All’inizio di luglio 2025 un telescopio del sistema ATLAS (Asteroid Terrestrial‑impact Last Alert System) in Cile registrò un puntino sfocato che si muoveva più velocemente delle normali comete. Dopo un controllo delle immagini ottenute in precedenza – alcune risalenti al 14 giugno – gli astronomi compresero di avere di fronte il terzo oggetto interstellare mai osservato: la cometa 3I/ATLAS. La sigla “3I” indica che si tratta del terzo corpo proveniente da un altro sistema stellare, mentre il nome “ATLAS” rende omaggio alla rete di telescopi che l’ha individuato. A differenza dei corpi legati al Sistema solare, la sua orbita è fortemente iperbolica, cioè non chiusa: questo percorso aperto e la sua elevata velocità, già superiore a 137 000 miglia orarie al momento della scoperta, dimostrano che non tornerà mai più.

Gli astronomi hanno seguito 3I/ATLAS con ogni strumento disponibile. Durante la sua rapida cavalcata verso il Sole, il nucleo ghiacciato della cometa – probabilmente grande da poche centinaia di metri a qualche chilometro – ha iniziato a rilasciare gas e polveri formando la chioma e la coda. La fotocamera ad alta risoluzione del Mars Reconnaissance Orbiter ha ripreso l’oggetto quando passava a circa 19 milioni di chilometri da Marte, mentre le sonde Lucy e Psyche, in viaggio verso gli asteroidi, l’hanno fotografato da altre angolazioni. Anche il rover Perseverance, le missioni MAVEN e PUNCH e i telescopi spaziali Hubble e James Webb hanno puntato i loro strumenti per catturare immagini e spettroscopie del visitatore. La raccolta di dati da diverse posizioni ha permesso di ricostruire la traiettoria e di studiare la composizione della chioma.

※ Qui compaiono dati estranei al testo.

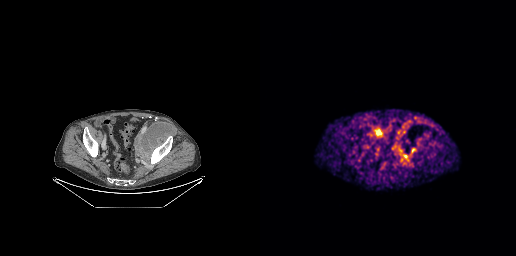
{"modality":"PSMA PET/CT","view":"axial","tracer":"[68Ga]Ga-PSMA-11","pet_grid":[256,256],"coord_frame":"pet_panel","coord_format":"x0,y0,x1,y1","lesion_bboxes":[[138,147,156,160]]}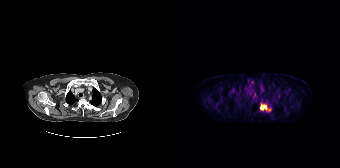
Coordinates are on the 168×168 PET (right) panel. PSMA-avid tumor lesion bounding boxes:
| # | x0 | y0 | x1 | y1 |
|---|---|---|---|---|
| 1 | 88 | 104 | 99 | 111 |
Small PSMA-avid focus (2 to 4 px across) near (center x, center y): (106, 96).
Left: CT. Right: PSMA PET, same axial level, 18F-PSMA tracer. Acquired on Siemens Biograph 64-4R TruePoint. Slice position z = -726 mm. PET panel 168×168 px (4.1 mm/px).
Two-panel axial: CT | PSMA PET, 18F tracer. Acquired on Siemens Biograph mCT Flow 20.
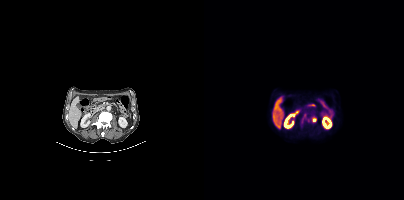
Coordinates are on the 200×200 PET (right) panel. PSMA-avid tumor lesion bounding boxes:
| # | x0 | y0 | x1 | y1 |
|---|---|---|---|---|
| 1 | 108 | 118 | 112 | 121 |
| 2 | 98 | 114 | 101 | 121 |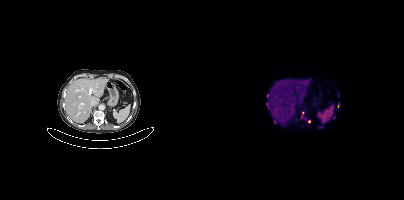
- Two-panel axial: CT | PSMA PET, [68Ga]Ga-PSMA-11 tracer
- acquired on Siemens Biograph mCT Flow 20
- slice 236 of 411
- PET panel 200×200 px (4.1 mm/px)
Findings: Coordinates are on the 200×200 PET (right) panel. (showing 7 of 11 foci) PSMA-avid tumor lesion bounding boxes (x0,y0,x1,y1): [114,126,118,128], [134,104,135,108]. Small PSMA-avid foci (2 to 4 px across) near (center x, center y): (71, 121), (105, 121), (98, 112), (101, 117), (129, 117).
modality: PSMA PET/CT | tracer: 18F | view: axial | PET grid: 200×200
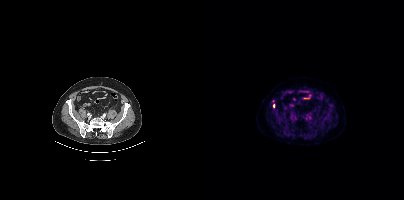
Coordinates are on the 200×200 PET (right) panel. Small PSMA-avid foci (2 to 4 px across) near (center x, center y): (69, 106) (105, 117).
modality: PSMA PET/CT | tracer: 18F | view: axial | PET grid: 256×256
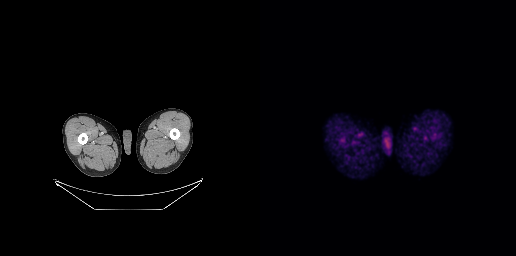
No PSMA-avid tumor lesions on this slice.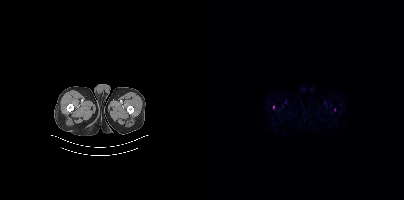
Findings: Coordinates are on the 200×200 PET (right) panel. Small PSMA-avid focus (2 to 4 px across) near (center x, center y): (69, 107).
Technique: Left: CT. Right: PSMA PET, same axial level, 18F tracer. acquired on Siemens Biograph mCT Flow 20. PET panel 200×200 px (4.1 mm/px).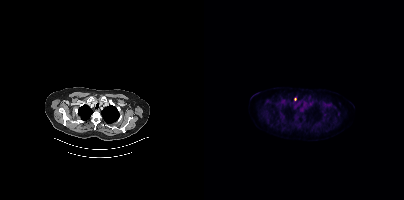
modality: PSMA PET/CT | tracer: 18F | view: axial
Coordinates are on the 200×200 PET (right) panel. Small PSMA-avid focus (2 to 4 px across) near (center x, center y): (91, 99).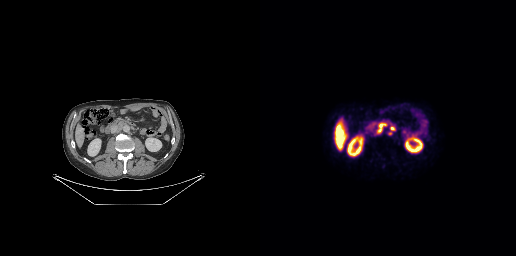
modality: PSMA PET/CT | tracer: [18F]PSMA-1007 | view: axial | PET grid: 256×256
Coordinates are on the 256×256 PET (right) panel. PSMA-avid tumor lesion bounding boxes (x0, y0)-(x1, y1): (117, 122)-(126, 133) / (130, 126)-(135, 130). Small PSMA-avid focus (2 to 4 px across) near (center x, center y): (130, 133).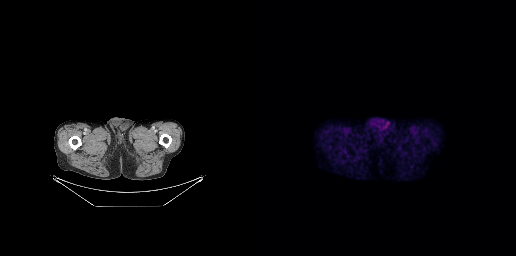
Negative for PSMA-avid disease on this slice. Paired axial CT (left) and PSMA PET (right), 18F tracer. Slice position z = -872 mm. PET panel 256×256 px (2.7 mm/px).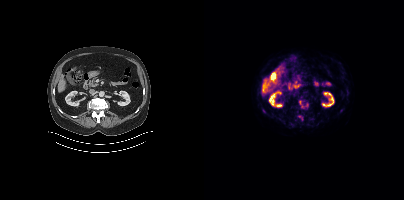
{"modality":"PSMA PET/CT","view":"axial","tracer":"[18F]PSMA-1007","pet_grid":[200,200],"coord_frame":"pet_panel","coord_format":"x0,y0,x1,y1","partial":true,"lesion_bboxes":[],"small_foci_centers":[[96,102]]}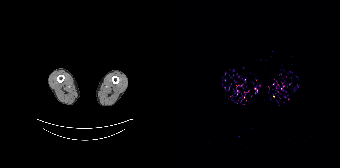
modality: PSMA PET/CT | tracer: 68Ga-PSMA | view: axial
No tumor lesions annotated on this slice.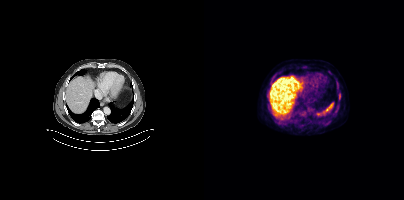
{"pet_grid":[200,200],"coord_frame":"pet_panel","coord_format":"x0,y0,x1,y1","lesion_bboxes":[[135,93,136,99]],"small_foci_centers":[[125,72],[100,66]],"modality":"PSMA PET/CT","view":"axial","tracer":"18F"}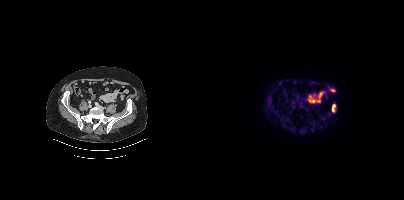
Left: CT. Right: PSMA PET, same axial level, 18F tracer.
Coordinates are on the 200×200 PET (right) panel. PSMA-avid tumor lesion bounding boxes:
| # | x0 | y0 | x1 | y1 |
|---|---|---|---|---|
| 1 | 128 | 104 | 131 | 112 |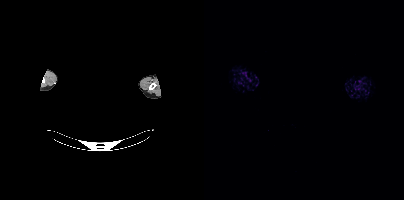
Paired axial CT (left) and PSMA PET (right), 18F tracer. Any black rectangle over the head is a privacy mask, not anatomy. This slice has no annotated PSMA-avid lesion.
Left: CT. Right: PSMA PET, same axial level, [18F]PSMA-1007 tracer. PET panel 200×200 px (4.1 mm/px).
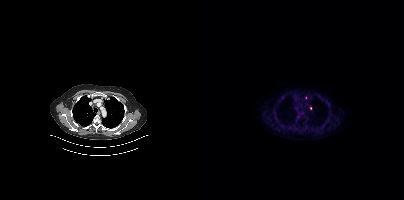
Coordinates are on the 200×200 PET (right) panel. (showing 1 of 2 foci) Small PSMA-avid focus (2 to 4 px across) near (center x, center y): (106, 108).
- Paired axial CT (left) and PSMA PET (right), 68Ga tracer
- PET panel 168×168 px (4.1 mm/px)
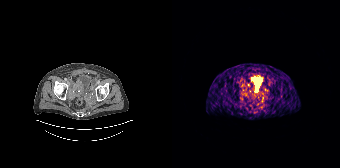
Findings: Coordinates are on the 168×168 PET (right) panel. PSMA-avid tumor lesion bounding box (x0, y0)-(x1, y1): (83, 81)-(88, 91).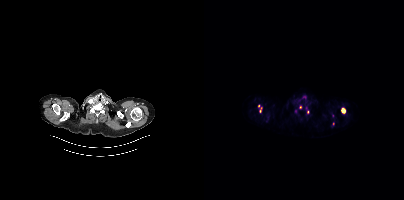
Coordinates are on the 200×200 PET (right) panel. (showing 5 of 6 foci) PSMA-avid tumor lesion bounding boxes (x, y, width, height): x=137 y=108 w=5 h=6 / x=55 y=107 w=4 h=6. Small PSMA-avid foci (2 to 4 px across) near (center x, center y): (54, 106) / (96, 107) / (103, 112).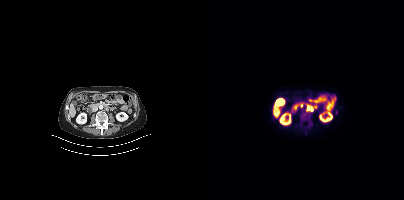
Coordinates are on the 200×200 PET (right) panel. PSMA-avid tumor lesion bounding box (x0,y0,x1,y1): [104,107,108,110].
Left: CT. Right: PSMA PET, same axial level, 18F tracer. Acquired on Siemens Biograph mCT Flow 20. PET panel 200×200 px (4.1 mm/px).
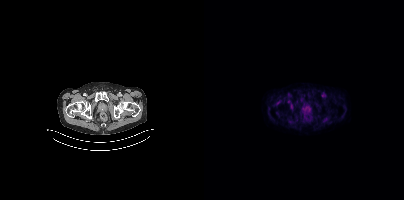
This slice has no annotated PSMA-avid lesion.
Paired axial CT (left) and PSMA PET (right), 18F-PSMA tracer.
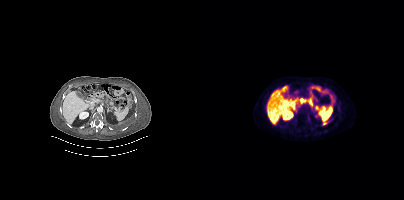
Coordinates are on the 200×200 PET (right) panel. PSMA-avid tumor lesion bounding box (x, y, width, height): x=101 y=99 w=7 h=6.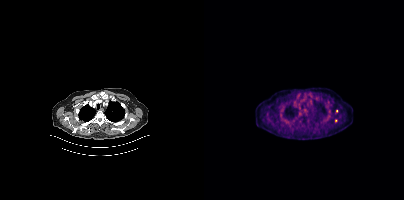
Coordinates are on the 200×200 PET (right) panel. (showing 1 of 2 foci) Small PSMA-avid focus (2 to 4 px across) near (center x, center y): (131, 120).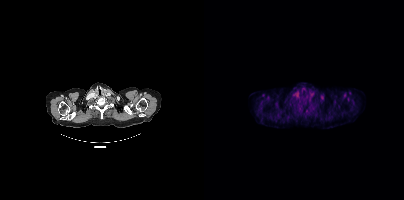
{"modality":"PSMA PET/CT","view":"axial","tracer":"18F","pet_grid":[200,200],"coord_frame":"pet_panel","coord_format":"x0,y0,x1,y1","psma_avid_lesions":false}
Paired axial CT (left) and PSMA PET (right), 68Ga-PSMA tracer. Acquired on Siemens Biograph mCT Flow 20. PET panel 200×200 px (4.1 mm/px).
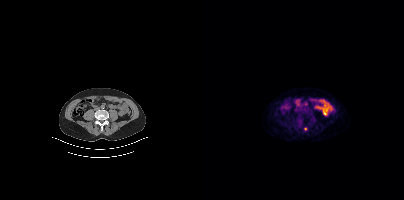
Coordinates are on the 200×200 PET (right) panel. Small PSMA-avid focus (2 to 4 px across) near (center x, center y): (101, 129).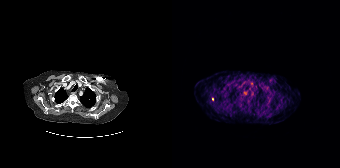
{"modality":"PSMA PET/CT","view":"axial","tracer":"68Ga-PSMA","pet_grid":[168,168],"coord_frame":"pet_panel","coord_format":"x0,y0,x1,y1","lesion_bboxes":[],"small_foci_centers":[[40,99]]}

Un corpo proveniente da lontano, non un’astronave
Fin dalle prime notizie, 3I/ATLAS è diventata protagonista di indiscrezioni e ipotesi fantasiose. Il fatto che si trattasse di un oggetto interstellare e che nelle prime osservazioni mostrasse una chioma debole alimentò teorie sensazionalistiche secondo cui sarebbe potuto trattarsi di un veicolo artificiale. Un ricercatore noto per le sue speculazioni su precedenti visitatori interstellari elencò dodici “anomalie” della cometa, citando ad esempio l’allineamento quasi perfetto della sua traiettoria con il piano dell’eclittica, la presenza di getti rivolti verso il Sole (detti anticode) e la composizione chimica insolita. Lo stesso studioso sottolineò la massa molto più grande rispetto agli oggetti interstellari osservati in passato, la forte predominanza di nichel rispetto al ferro e il basso contenuto d’acqua, arrivando a ipotizzare che queste caratteristiche potessero essere compatibili con un manufatto di origine non naturale.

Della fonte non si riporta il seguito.